What to produce:
Write out exactly the lines from the one containing "Highlight branch. Return masks as SVG." through the last line of the records below, both included, and leave out any pictures.

Records supplied:
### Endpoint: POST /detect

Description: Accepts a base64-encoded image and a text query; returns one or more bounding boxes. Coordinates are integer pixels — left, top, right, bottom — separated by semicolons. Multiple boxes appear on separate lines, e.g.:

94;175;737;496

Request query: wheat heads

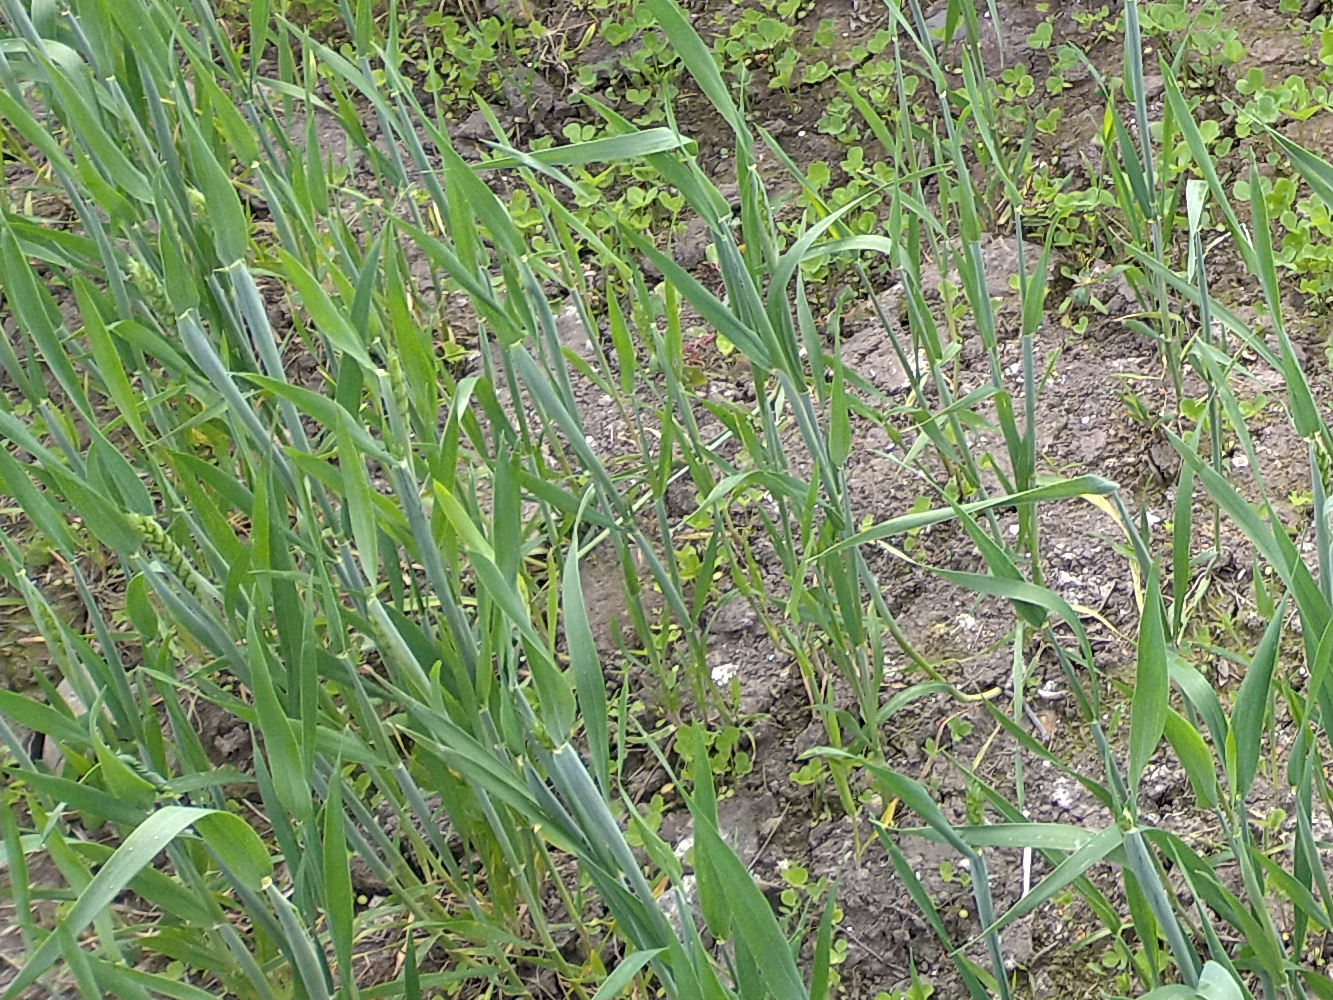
757;177;771;239
131;512;195;593
387;349;409;441
28;582;69;662
170;188;230;320
130;260;180;351
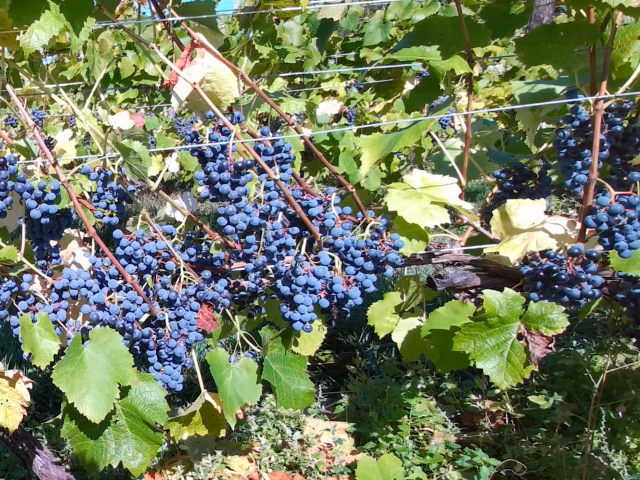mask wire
Wrapping results in <instances>:
<instances>
[{
	"mask_svg": "<svg viewBox=\"0 0 640 480\" xmlns=\"http://www.w3.org/2000/svg\"><path fill=\"white\" fill-rule=\"evenodd\" d=\"M636 97H640V92L612 93V94L595 95V96H589V97H565V98H560L556 100L537 101V102H532L530 104H525V105H503V106H496V107L473 110L468 112L440 113V114H435L430 116L409 117L402 120H385V121L375 122V123L355 124V125H350V126H345L340 128L324 129L321 131H316L314 133L255 136V137L246 138V139H235L233 141V144L237 145V144H248V143H253L257 141L316 138L326 134L342 133V132H347V131H352L357 129H365V128H377V127H383L387 125H404L411 122L432 121V120H437L442 118L470 117V116H476V115L493 113L498 111H505V110H527V109H532L539 106L559 105L567 102H592L597 100H607V99H614V98H636Z\"/></svg>",
	"mask_w": 640,
	"mask_h": 480,
	"instance_id": "1",
	"label": "wire"
},
{
	"mask_svg": "<svg viewBox=\"0 0 640 480\" xmlns=\"http://www.w3.org/2000/svg\"><path fill=\"white\" fill-rule=\"evenodd\" d=\"M300 10H301L300 6H278V7L257 9L252 11L219 12L215 14H201V15H181V16L171 17L167 19L103 22V23H96L94 25V28L98 29V28L116 27V26H145V25L169 24V23L183 21V20H203V19H217L221 17L255 16V15L265 14V13H273V12H280V11H300Z\"/></svg>",
	"mask_w": 640,
	"mask_h": 480,
	"instance_id": "2",
	"label": "wire"
},
{
	"mask_svg": "<svg viewBox=\"0 0 640 480\" xmlns=\"http://www.w3.org/2000/svg\"><path fill=\"white\" fill-rule=\"evenodd\" d=\"M402 0H359L351 2H343L332 5H307V10H335L345 7L361 6V5H394L401 3Z\"/></svg>",
	"mask_w": 640,
	"mask_h": 480,
	"instance_id": "3",
	"label": "wire"
},
{
	"mask_svg": "<svg viewBox=\"0 0 640 480\" xmlns=\"http://www.w3.org/2000/svg\"><path fill=\"white\" fill-rule=\"evenodd\" d=\"M230 143L229 139H224L222 141H209L200 144H191V145H179V146H171V147H162V148H149V153H164V152H173V151H181V150H193V149H202L211 146H224Z\"/></svg>",
	"mask_w": 640,
	"mask_h": 480,
	"instance_id": "4",
	"label": "wire"
},
{
	"mask_svg": "<svg viewBox=\"0 0 640 480\" xmlns=\"http://www.w3.org/2000/svg\"><path fill=\"white\" fill-rule=\"evenodd\" d=\"M120 155H121L120 151L102 152V153L88 154V155H63V156L52 157V158H42L41 163L42 164L54 163V162H60L65 160H90V159H99V158H105V157H115Z\"/></svg>",
	"mask_w": 640,
	"mask_h": 480,
	"instance_id": "5",
	"label": "wire"
},
{
	"mask_svg": "<svg viewBox=\"0 0 640 480\" xmlns=\"http://www.w3.org/2000/svg\"><path fill=\"white\" fill-rule=\"evenodd\" d=\"M498 247L497 243H492V244H476V245H469V246H447V247H441V248H435V249H430V250H421L418 251L417 254H437V253H443V252H449V251H471V250H478V249H495Z\"/></svg>",
	"mask_w": 640,
	"mask_h": 480,
	"instance_id": "6",
	"label": "wire"
}]
</instances>
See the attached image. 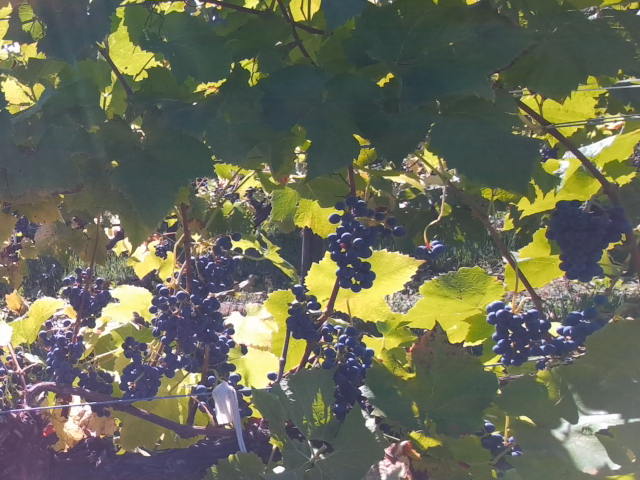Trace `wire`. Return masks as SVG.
<instances>
[{
    "instance_id": "1",
    "label": "wire",
    "mask_w": 640,
    "mask_h": 480,
    "mask_svg": "<svg viewBox=\"0 0 640 480\" xmlns=\"http://www.w3.org/2000/svg\"><path fill=\"white\" fill-rule=\"evenodd\" d=\"M213 391L199 392L194 394L181 393V394H165V395H152L145 398H119V399H111V400H91L85 401L83 403H67V404H56V405H44V406H23L16 407L11 409H3L0 410V414L3 412H25V411H47V410H58V409H70V408H85L87 406L93 405H113V404H121V403H147L155 400H167V399H196L201 397H209L213 396Z\"/></svg>"
},
{
    "instance_id": "2",
    "label": "wire",
    "mask_w": 640,
    "mask_h": 480,
    "mask_svg": "<svg viewBox=\"0 0 640 480\" xmlns=\"http://www.w3.org/2000/svg\"><path fill=\"white\" fill-rule=\"evenodd\" d=\"M578 353H561V354H546V355H533L528 358L529 362L536 360H549V359H563V358H578Z\"/></svg>"
}]
</instances>
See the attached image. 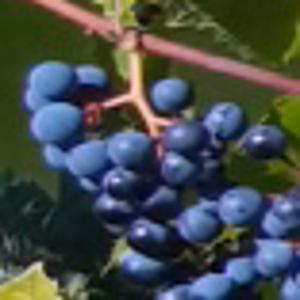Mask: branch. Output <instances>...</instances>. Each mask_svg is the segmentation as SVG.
<instances>
[{
	"mask_svg": "<svg viewBox=\"0 0 300 300\" xmlns=\"http://www.w3.org/2000/svg\"><path fill=\"white\" fill-rule=\"evenodd\" d=\"M31 4L37 10L114 40L127 51L138 48L149 57L207 69L211 73L221 72L231 77L252 80L300 97V79L284 72L256 63L235 60L226 55H216L189 43L170 40L157 31L145 30L130 24L112 23L65 1L31 0Z\"/></svg>",
	"mask_w": 300,
	"mask_h": 300,
	"instance_id": "1",
	"label": "branch"
}]
</instances>
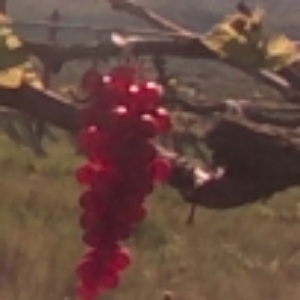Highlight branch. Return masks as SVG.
Masks as SVG:
<instances>
[{
  "label": "branch",
  "instance_id": "branch-2",
  "mask_svg": "<svg viewBox=\"0 0 300 300\" xmlns=\"http://www.w3.org/2000/svg\"><path fill=\"white\" fill-rule=\"evenodd\" d=\"M240 69L250 73L257 79L278 87L295 98H300V88L275 72H272L261 66H240Z\"/></svg>",
  "mask_w": 300,
  "mask_h": 300
},
{
  "label": "branch",
  "instance_id": "branch-1",
  "mask_svg": "<svg viewBox=\"0 0 300 300\" xmlns=\"http://www.w3.org/2000/svg\"><path fill=\"white\" fill-rule=\"evenodd\" d=\"M115 12L128 11L152 25L167 32L188 38L189 40H134L112 39L91 44L58 47L52 43L30 42L26 51L32 56L42 59L49 71L57 73L61 63L80 57H95L110 53H139L180 59H210L220 58L208 51L201 43L199 33L183 27L173 21L157 15L140 5H134L127 0H108Z\"/></svg>",
  "mask_w": 300,
  "mask_h": 300
}]
</instances>

Task solution:
Highlight branch. Return masks as SVG.
Masks as SVG:
<instances>
[{
  "label": "branch",
  "instance_id": "branch-2",
  "mask_svg": "<svg viewBox=\"0 0 300 300\" xmlns=\"http://www.w3.org/2000/svg\"><path fill=\"white\" fill-rule=\"evenodd\" d=\"M240 69L250 73L257 79L278 87L295 98H300V88L275 72H272L261 66H240Z\"/></svg>",
  "mask_w": 300,
  "mask_h": 300
},
{
  "label": "branch",
  "instance_id": "branch-1",
  "mask_svg": "<svg viewBox=\"0 0 300 300\" xmlns=\"http://www.w3.org/2000/svg\"><path fill=\"white\" fill-rule=\"evenodd\" d=\"M115 12L128 11L152 25L167 32L188 38L189 40H134L112 39L91 44L58 47L52 43L30 42L26 51L32 56L42 59L49 71L57 73L61 63L80 57H95L110 53H139L180 59H210L220 58L208 51L201 43L199 33L183 27L173 21L157 15L140 5H134L127 0H108Z\"/></svg>",
  "mask_w": 300,
  "mask_h": 300
}]
</instances>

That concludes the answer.